I have sales data by year, condition and products
Year <- c(2010,2010,2010,2010,2010,2010,2011,2011,2011,2011,2011,2011,2012,2012,2012,2012,2012,2012)
Sale <- c("30","45","23","33","24","11","56","19","45","56","33","32","89","33","12",18,10,17)
Condition <- c("New","New","New","Used","Used","Used","New","New","New","Used","Used","Used","New","New","New","Used","Used","Used")
Product <- c("a","b","c","a","b","c","a","b","c","a","b","c","a","b","c","a","b","c")
df <- data.frame(Year,Condition, Product, Sale)
Now I want to calculate the share of each product by condition variable within each year.

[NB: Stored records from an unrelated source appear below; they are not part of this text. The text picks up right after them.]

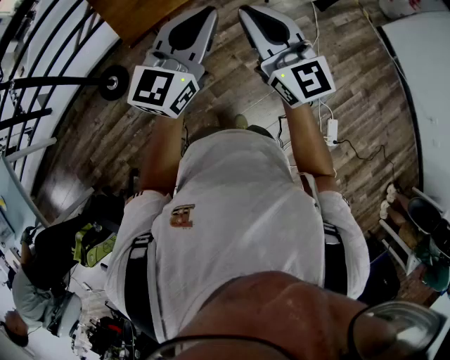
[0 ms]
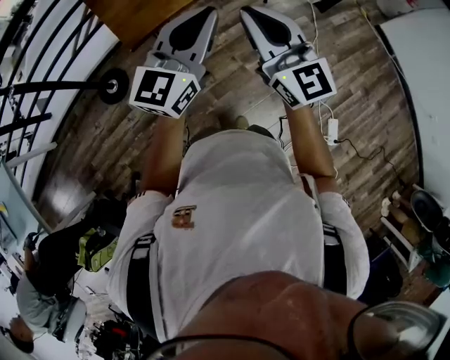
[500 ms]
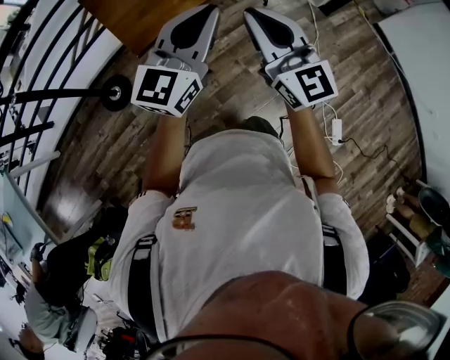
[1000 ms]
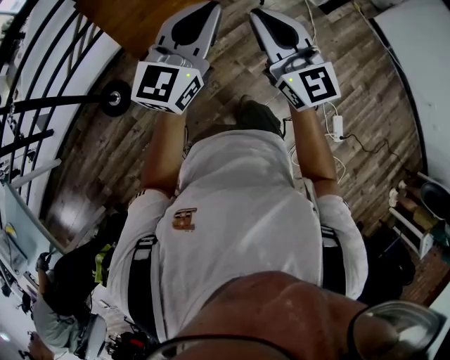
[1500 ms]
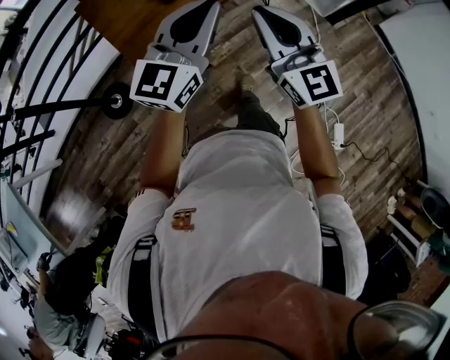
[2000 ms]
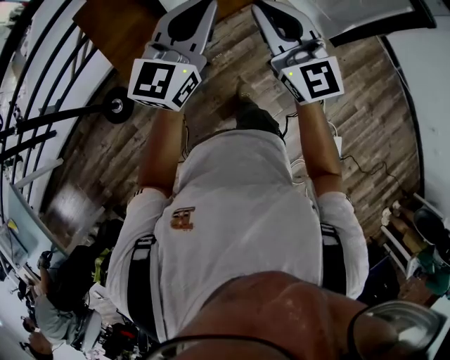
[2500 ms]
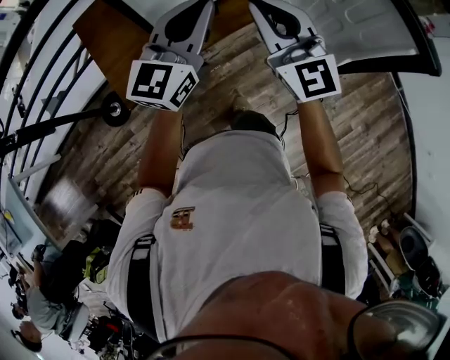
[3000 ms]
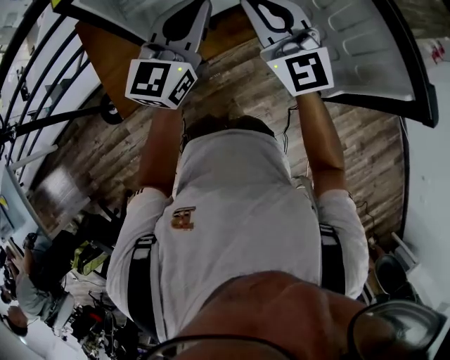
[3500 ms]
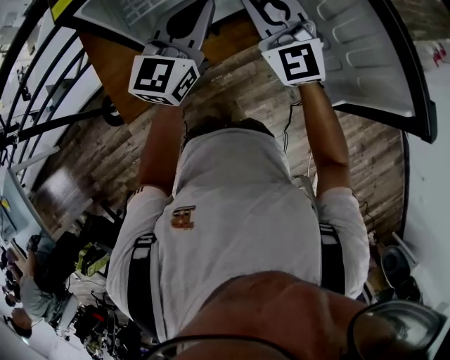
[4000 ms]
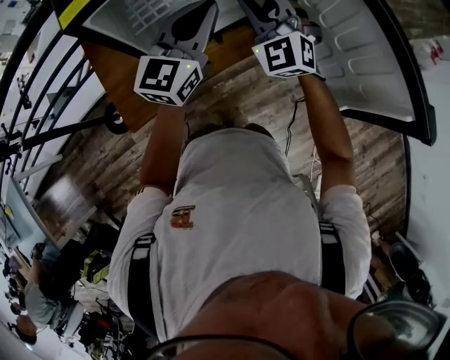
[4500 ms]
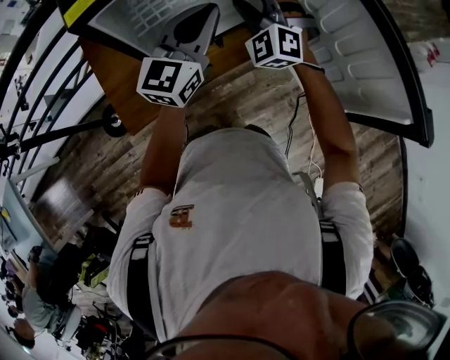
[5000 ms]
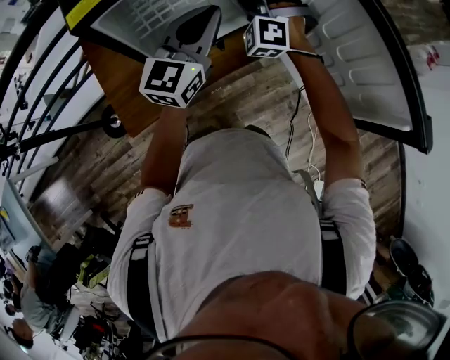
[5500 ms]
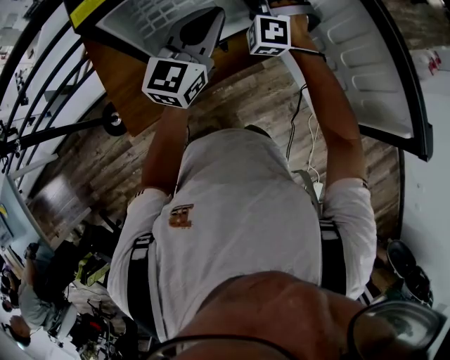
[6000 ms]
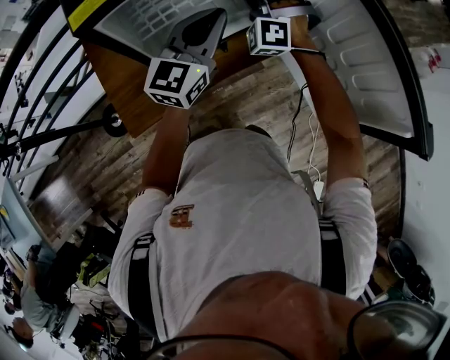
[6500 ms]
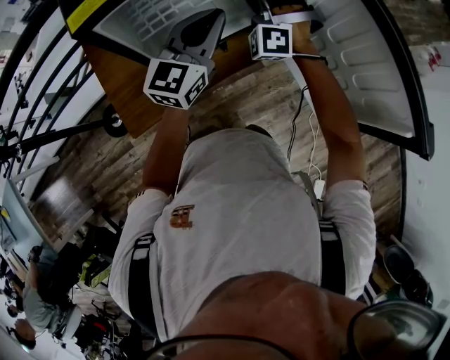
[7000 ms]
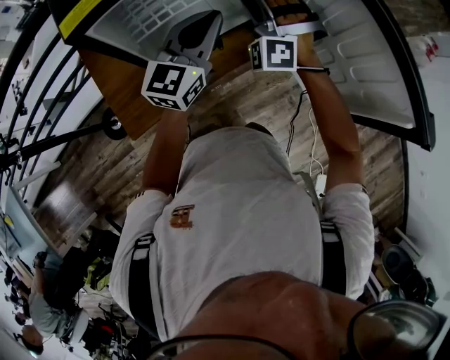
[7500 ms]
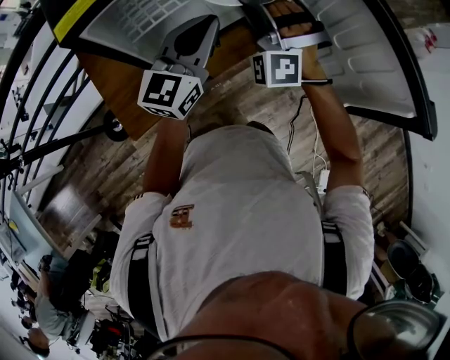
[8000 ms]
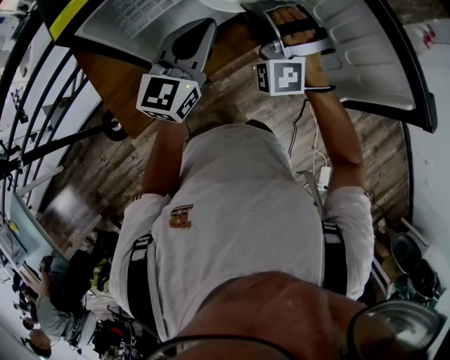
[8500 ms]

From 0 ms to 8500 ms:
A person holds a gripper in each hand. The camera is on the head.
From 0 ms to 2000 ms: The left gripper travels forward and to the left by approximately 15 cm, while the right gripper travels forward by approximately 10 cm.
From 2000 ms to 4000 ms: Both grippers are carried forward, about 40 cm. The right gripper rotates roughly 30 degrees.
From 4000 ms to 6500 ms: The right gripper travels forward and downward by approximately 15 cm, twists about 50 degrees counterclockwise, seen from behind, and opens, then closes again.
From 6500 ms to 8500 ms: The right gripper is displaced backward and to the right by approximately 10 cm.

I tried the following code, but it calculates based on total no by year and "condition"
df$percentage <- df$Sale/sum(df$Sale)*100
CodePudding user response:
First convert Sale
from character to numeric with type.convert(as.is = TRUE)
,
then group by the desired columns and apply summarise
:
Note that in your provided dataframe you will get 100 for percentage because of your provided data:
With this fake data
set.seed(123)
Year <- sample(c(2010, 2011, 2012), 18, replace = TRUE)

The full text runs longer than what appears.